Smaller orders mean higher costs and unit prices for each bit of tech are way above what they should be. A related issue is the popularity of faddish short-term pilot schemes, which don’t promise repeat orders, meaning only a tiny fraction of technology vendors secure sustainable contracts.
“There is a real cultural issue as well,” says Mr Cummin, alluding to the second perceived problem. “The suppliers are focused on shipping lots of kit because that’s how they make their money, but the culture of the healthcare providers is delivering health benefits; so there is a disconnect between what the buyers want to buy and the sellers want to sell.
“The consequence is manufacturers selling lots of boxes that the service providers don’t know what to do with, so they end up just sitting on shelves.

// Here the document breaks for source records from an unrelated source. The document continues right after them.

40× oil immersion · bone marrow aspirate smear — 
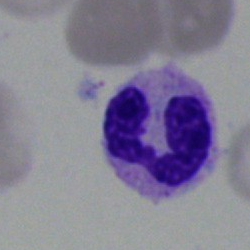
The cell shown is a segmented neutrophil.
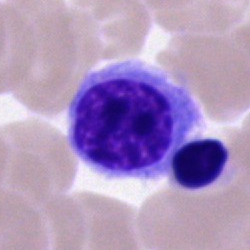

Morphological class — erythroblast.
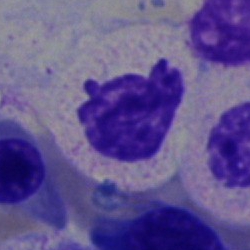 This is a segmented neutrophil.
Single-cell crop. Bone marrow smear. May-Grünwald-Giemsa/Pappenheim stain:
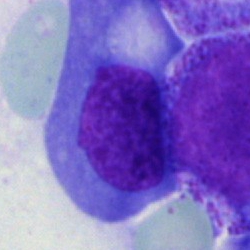 Showing a nucleated red cell.
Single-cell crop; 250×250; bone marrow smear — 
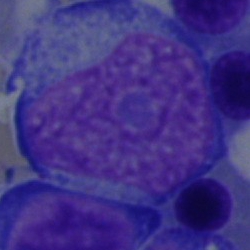
A blast cell.
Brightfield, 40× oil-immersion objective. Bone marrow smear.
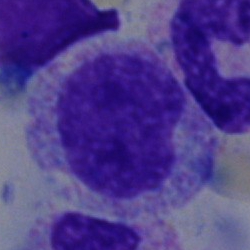 Classification — myelocyte.
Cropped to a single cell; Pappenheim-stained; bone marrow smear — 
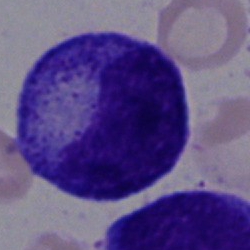Q: Which cell type is shown here?
A: It is a promyelocyte.
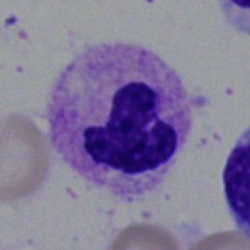

The classification is neutrophil (segmented).
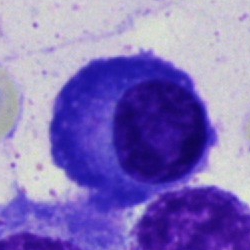 Cell: plasmacyte.
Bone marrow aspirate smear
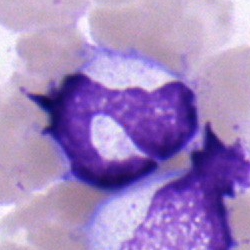Morphological class: segmented neutrophil.
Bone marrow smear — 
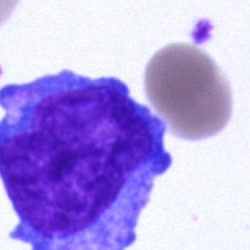 Morphology — undifferentiated blast.
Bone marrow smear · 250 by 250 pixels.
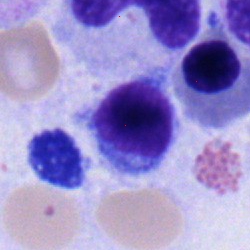Single cell identified as a lymphocyte.
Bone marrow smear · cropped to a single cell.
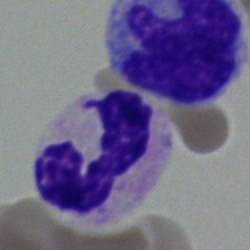
Specimen: bone marrow smear.
Cell: band neutrophil.
Lineage: myeloid.

It’s important providers get contracts right so they receive the goods they want to buy, not boxes that have only a minimal impact on their ability to provide a service.”
This is a view echoed by growing businesses everywhere and entrepreneurs intent on providing solutions to the UK health sector, but finding themselves exasperated by procurement processes, driven mad by the lack of transparency, accessibility and joined-up thinking.

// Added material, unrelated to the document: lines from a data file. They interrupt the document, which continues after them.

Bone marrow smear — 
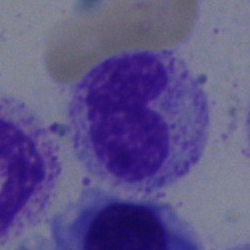Specimen: bone marrow aspirate smear.
Morphological class: metamyelocyte.
Lineage: myeloid.
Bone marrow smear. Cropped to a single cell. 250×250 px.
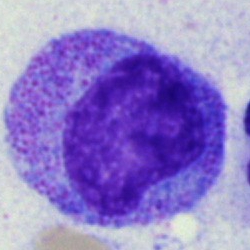 Cell type: promyelocyte.
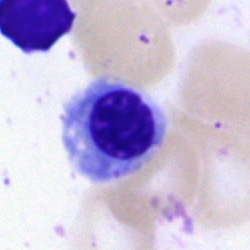 Classification — nucleated red blood cell.
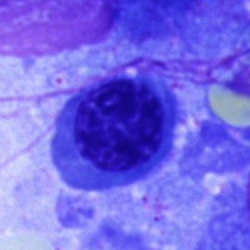
Specimen: bone marrow aspirate smear.
Cell type: nucleated red cell.
Lineage: erythroid.
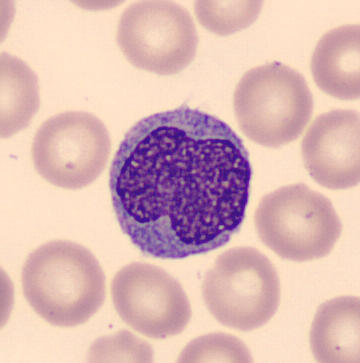Image size 360×363; peripheral blood smear; imaged on a CellaVision DM96 analyser.

A monocyte.
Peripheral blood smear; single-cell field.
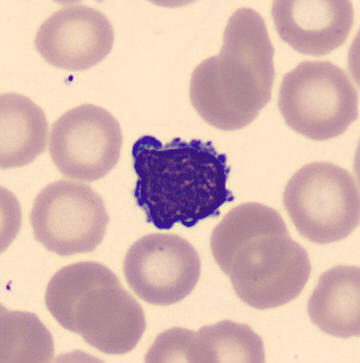 A typical lymphocyte.
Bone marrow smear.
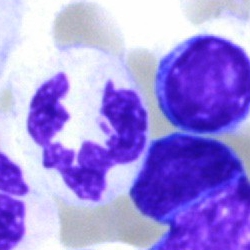

Neutrophil (segmented).
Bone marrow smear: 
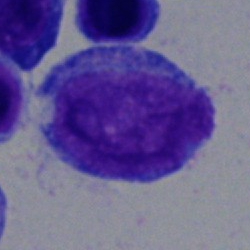
Showing a blast cell.
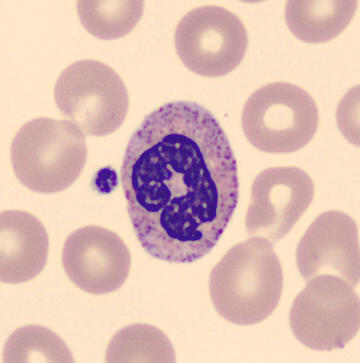
Peripheral blood film. Cropped to a single cell.
{"cell_type": "band neutrophil", "lineage": "myeloid"}
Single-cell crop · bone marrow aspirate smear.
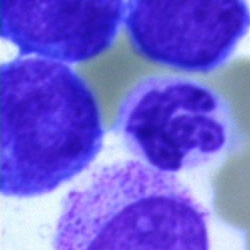
Morphology consistent with a segmented neutrophil.
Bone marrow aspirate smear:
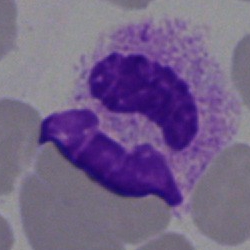

Cell = neutrophil (segmented).

It’s not a great basis for an organisation compelled by a string of targets to update and modernise its infrastructure in the near future. The Department of Health must deliver £20 billion in cuts by 2015, yet the NHS has been handed the target of becoming paperless by 2018 – something which will save money in the long-run, but requires an injection of big bucks now.
“For vendors and partners looking to engage and work with NHS organisations, there are huge bureaucratic processes and internal politics to navigate, made all the more difficult by frequent organisational restructuring within the NHS,” says Greg Howett at jetNEXUS.

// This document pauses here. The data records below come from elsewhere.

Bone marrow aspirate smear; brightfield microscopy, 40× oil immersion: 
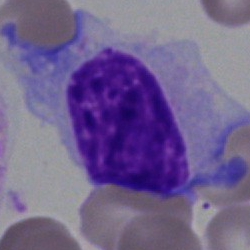
Morphology — hairy cell.
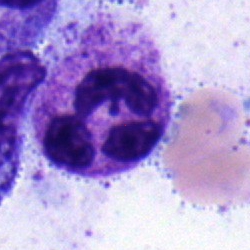 Segmented neutrophil.
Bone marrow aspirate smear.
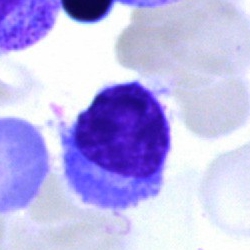 Showing a lymphocyte.
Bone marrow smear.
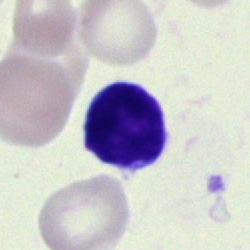 Morphology — typical lymphocyte.
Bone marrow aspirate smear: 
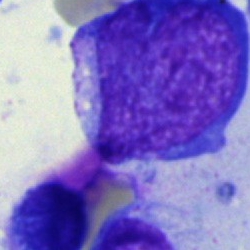 Cell type — blast cell.
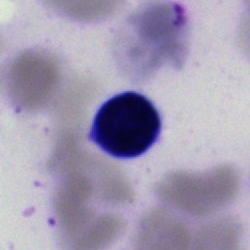

Morphological class — artefact.
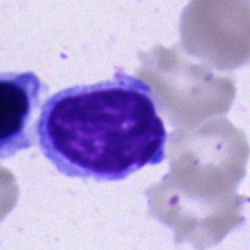

Cell type: plasma cell.

Ron Swann, chief executive of Smart Day Group, paints a picture of disunity and infighting where unqualified managers hold the purse strings, but are at loggerheads with other important stakeholders throughout the organisation.
“It has evolved from purchasing of IT systems being carried out jointly by locally employed IT experts and clinical department heads to a system of remote procurement groups purchasing products and services from large corporations,” he says.
“These purchasers are so often not fit for purpose and their installations are resisted and sometimes deliberately scuppered by local IT groups and end-users. This has resulted in the NHS falling behind the rest of the developed world, and war zones being created in hospitals between management, clinicians and IT support staff.”
Jim Burke, managing director of Accenture’s health business in the UK, believes that smarter buying is a big part of the solution. He argues for more clarity of purpose from health services and a more structured approach generally.
“Many elements of IT are a commodity and should be bought on that basis with organisations collaborating to secure the most advantageous deal,” he says. “Other IT solutions are much more complicated, and need to be handled as complex and discreet procurements.
“The NHS has had little experience of major technology procurements in recent years and certainly not at the local level. Trusts need to focus first on what it is they want to achieve for their organisation and clinical services, and then where can they derive the most benefit, financial and otherwise.”
The flip side of all this, of course, is that there exists a golden opportunity to save buckets of cash and sort out the nation’s pending health nightmare in one sitting. It’s as simple as knowing what is being bought and why, then snipping off the fat.
As Jim Docherty, public sector specialist at Dell, points out: “According to numerous analyst reports, between 20 and 40 per cent of software assets that organisations have installed just sit on the desktop and don’t get used.”
Alas, successive programmes of change in the NHS seem to have muddied the waters, and we are getting further and further away from a clear understanding of what tech is being bought and why. A quick remedy is called for, but then this is the NHS we’re talking about.